Chapter 1 Introduction

This is an analysis based on Kaggle survey data, details are at https://www.kaggle.com/c/kaggle-survey-2019. Kaggle is a subsidiary of Google LLC online community of data scientists machine learners. It offers data sets, a no-setup, customizable, Jupyter Notebooks environment, machine learning competitions and access free GPUs and a huge repository of community published data & code.

  • The survey received 19,717 usable respondents from 171 countries and territories. If a country or territory received less than 50 respondents, they were grouped and named “Other” for anonymity.

  • The survey was live from October 8th to October 28th 2019.

  • The median response time for those who participated in the survey was approximately 10 minutes.

An overview of the world wide participation is given in the map below.
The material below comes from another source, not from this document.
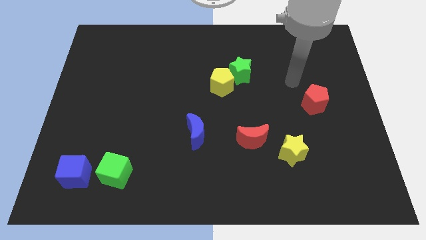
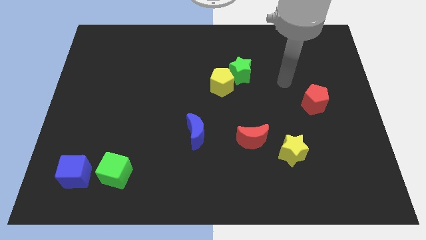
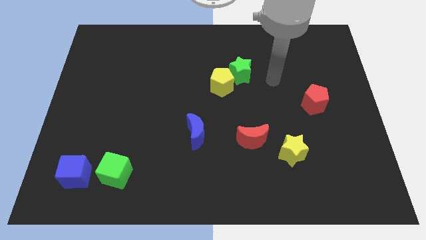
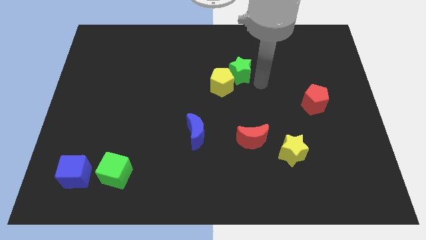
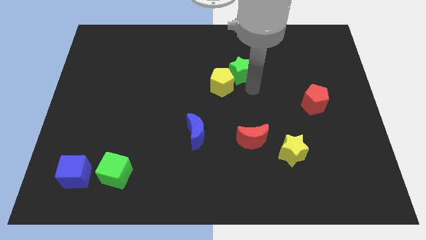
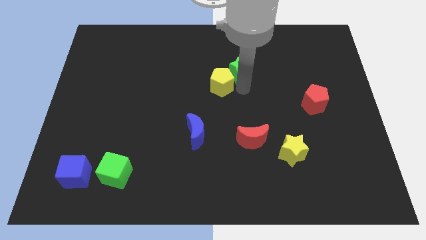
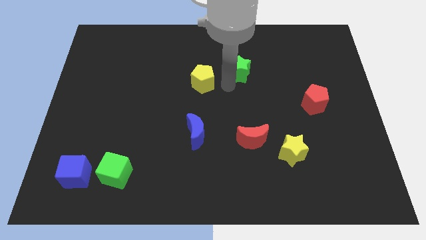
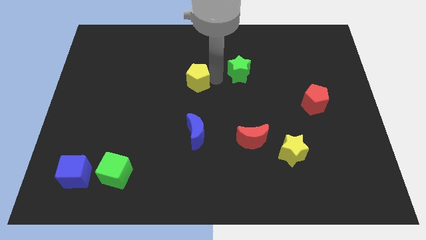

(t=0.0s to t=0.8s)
separate the green star from the yellow pentagon

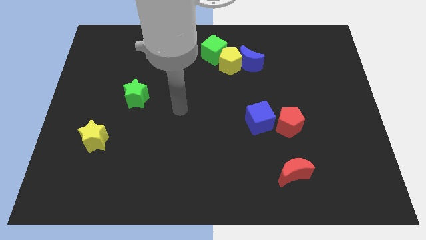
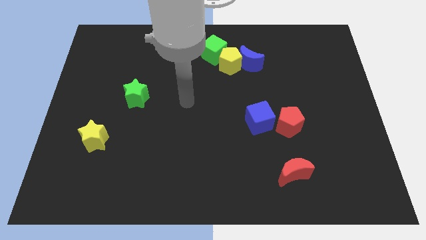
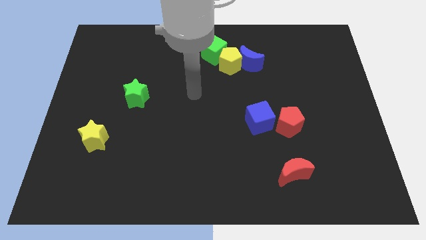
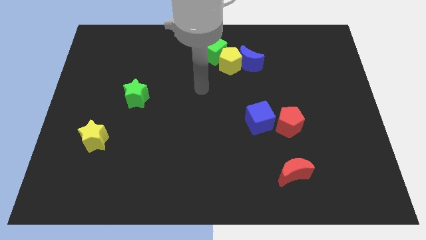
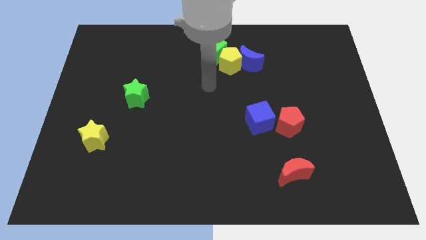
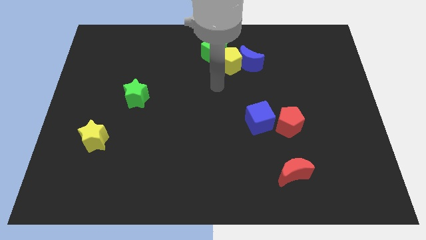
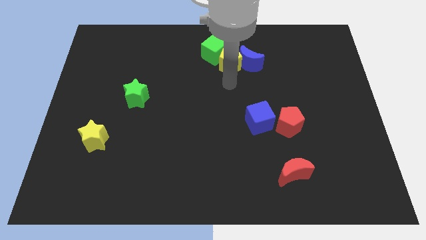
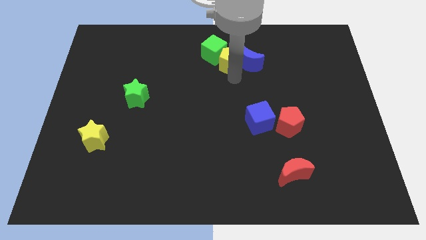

The first three countries are

  • India
  • USA
  • Brazil


All numbers of all countries are given in the interactive table below. To find a specific country, type the name in the search field. Surprising facts:

  • Almost as many participants from Saudi Arabia (50) and Norway (51)
  • Peru (74) higher than Belgium (70)
  • Iran (96) higher than Sweden (92)


The word frequency word cloud shows that software engineers and data scientist are heavily involved the field of machine learning



Easy histogram plots of all questions can be created in R as shown at https://www.kaggle.com/paultimothymooney/how-to-explore-the-2019-kaggle-survey-data

1.1 Purpose

The purpose of the survey analysis is to create insight into which

  • algorithms
  • tools
  • platforms

are used in the field of machine learning. Contrary to public opinion machine learning is not mainly focused on neural networks.

1.2 Results

The results are presented by graphs relating parameters either vs time or vs other parameters.